The rest of the journey was a little more subdued as we rested our heads on the cold glass windows of the minivan and continued with our ascent to the mountains. As the temperature dropped, the landscape changed and the dramatic Dolomites surrounded us – a strikingly beautiful area, the sheer pale rock faces of the limestone mountains, rising from the snow-covered slopes beneath. The peaks seem to have been sliced off, leaving jagged horizontal lines that are wreathed in pink cloud as the sun rises and sets. Arriving in Cortina d’Ampezzo we collected our skis, had a quick change and made our way to the hotel’s dining room for dinner…it had, after all, been a while since we had eaten!!

Unfortunately the next day, the snow, or lack of it, had forced our carefully planned itinerary to be tweaked slightly and instead of skiing over to one of the mountain rifugios to spend the night, we skied in Cortina in the ‘Tofano’ and ‘Falloria’ area and had a late lunch in one of the more accessible rifugios. The ‘Dolomiti Superski’ area is made up of 1,200km of runs and 460 lifts in 12 different ski areas, located in South Tyrol – an intriguing mix of Italian and German cultures. Road signs offer you at least two, sometimes three variations, and when you walk into a shop there’s always a moment of sizing up before you decide to go for a “Buongiorno”, a “Guten Tag” or even a “Gruss Gott!”

Our mountain guide, Marco, was great and also quite easy to look at…if you see what I mean!! What Marco doesn’t know about the Dolomites isn’t worth knowing; his knowledge was endless. Expertly guided we covered many more miles than we initially thought, given that the snow had a hidden agenda this season! Giuseppe, the Dolomite Mountains’ professional photographer had been tasked with accompanying us to take ‘snowy action packed’ photos for their web site – this was a true test of his skill! Snow conditions were great actually, however, there was no off-piste or back country exploring and we couldn’t access the rifugios that offer overnight accommodation, which was a real shame as waking up at 2,413m above sea level in a hut in the middle of the mountain range would have been amazing.

Next stop on our ski tour was Brunico, about an hour’s drive north of Cortina. We skied on the Kronplatz mountain, but as the world and his dog had also had that idea, we decided that it was of course time to refuel and we made our way down to the ‘Agnello Bianco’ restaurant. The Christmas markets were in full swing in Brunico and after a vino caldo (mulled wine) we all piled back into our minivan and headed to San Cassiano, in the Alta Badia area of the Dolomites. The Rosa Alpina is a charming hotel with a two star Michelin restaurant ‘Saint Hubertus’ which to my joy we were booked into the following evening!

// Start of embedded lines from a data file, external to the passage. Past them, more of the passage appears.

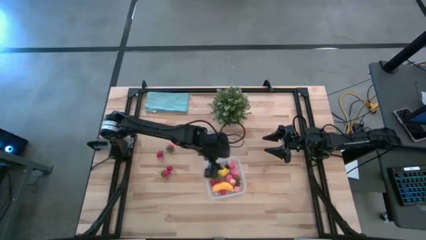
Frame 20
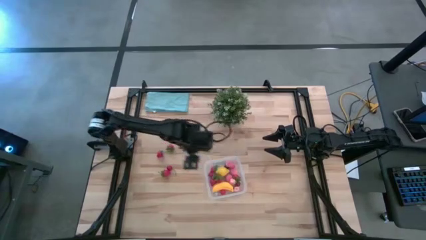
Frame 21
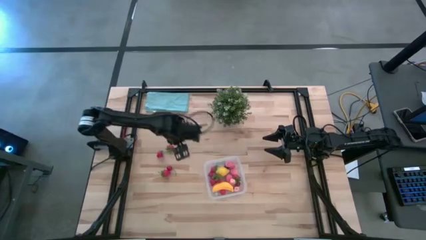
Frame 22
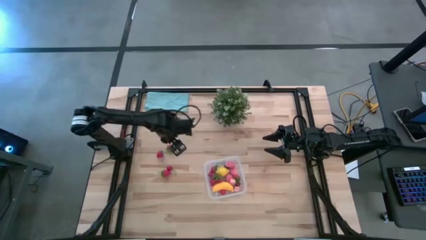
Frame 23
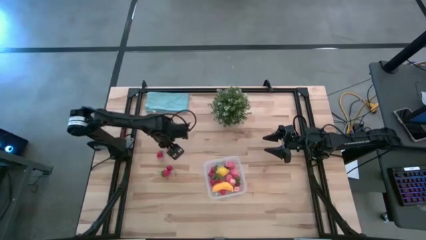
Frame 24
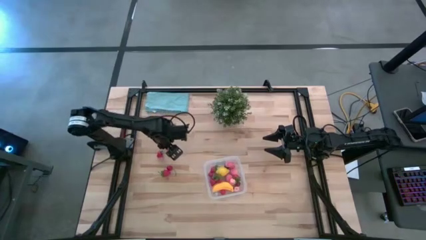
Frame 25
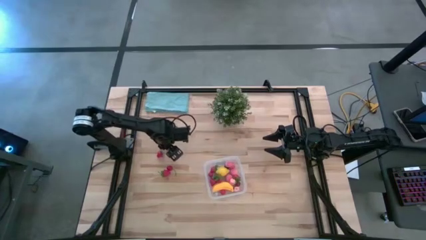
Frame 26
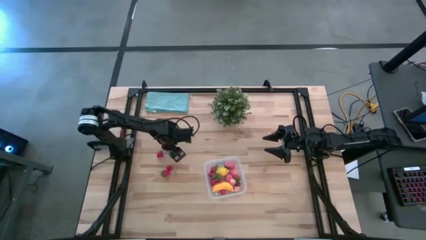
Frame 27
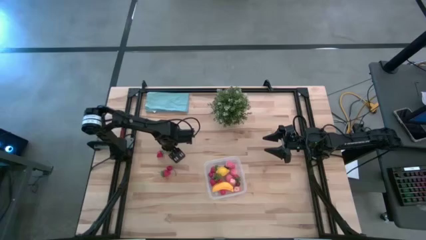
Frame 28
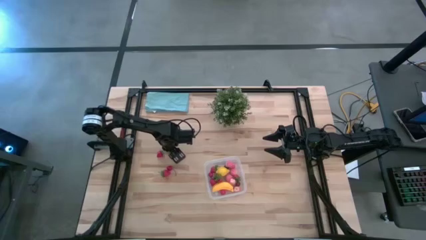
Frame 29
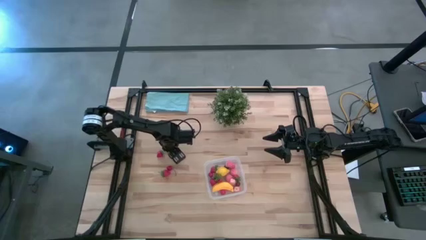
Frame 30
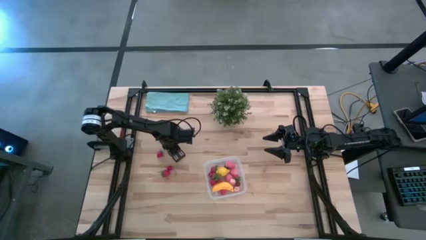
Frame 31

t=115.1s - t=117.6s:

We had a great day’s skiing at Val Gardena which was just a short drive over the Gardena pass. San Cassiano is really centrally placed in the Dolomiti Superski area with quick and easy access to the infamous ‘Sella Ronda’ (an amazing circuit around Gruppo Sella, with Selva Gardena, Corvara, Arabba and Canazei at each corner of a four-valley square).

After a great morning’s skiing putting quite a few miles under our (expanding) belts, we headed over to the Emilio Comici rifugio for another amazing meal! This rifugio gets a fresh fish delivery three times a week and prides itself on the seafood cuisine it offers. It is well worth a stop here, even if it’s just to visit the high tech restroom!

Arriving back at San Cassiano, I had a quick look around one of the other hotels that we work closely with, Hotel Fanes. With its impressive Spa, this hotel offers the ultimate in Italian hospitality. They were just getting ready to open their new ‘loft’ accommodation, which each have a private Finnish sauna. The views from this hotel are spectacular and even your peripheral vison can’t take in the expanse of the vista! Absolutely awe inspiring views of the village below and the mountain range opposite.

Saving the best for last was certainly the name of the game on this trip as we took our seats in Norbert Niederkofler’s restaurant ‘St Hubertus’ at the Rosa Alpina. Norbert apparently chose against a career as a professional skier to become a Michelin-starred chef and that evening, as we dined like kings on all the fresh local produce, we all thanked him for his decision!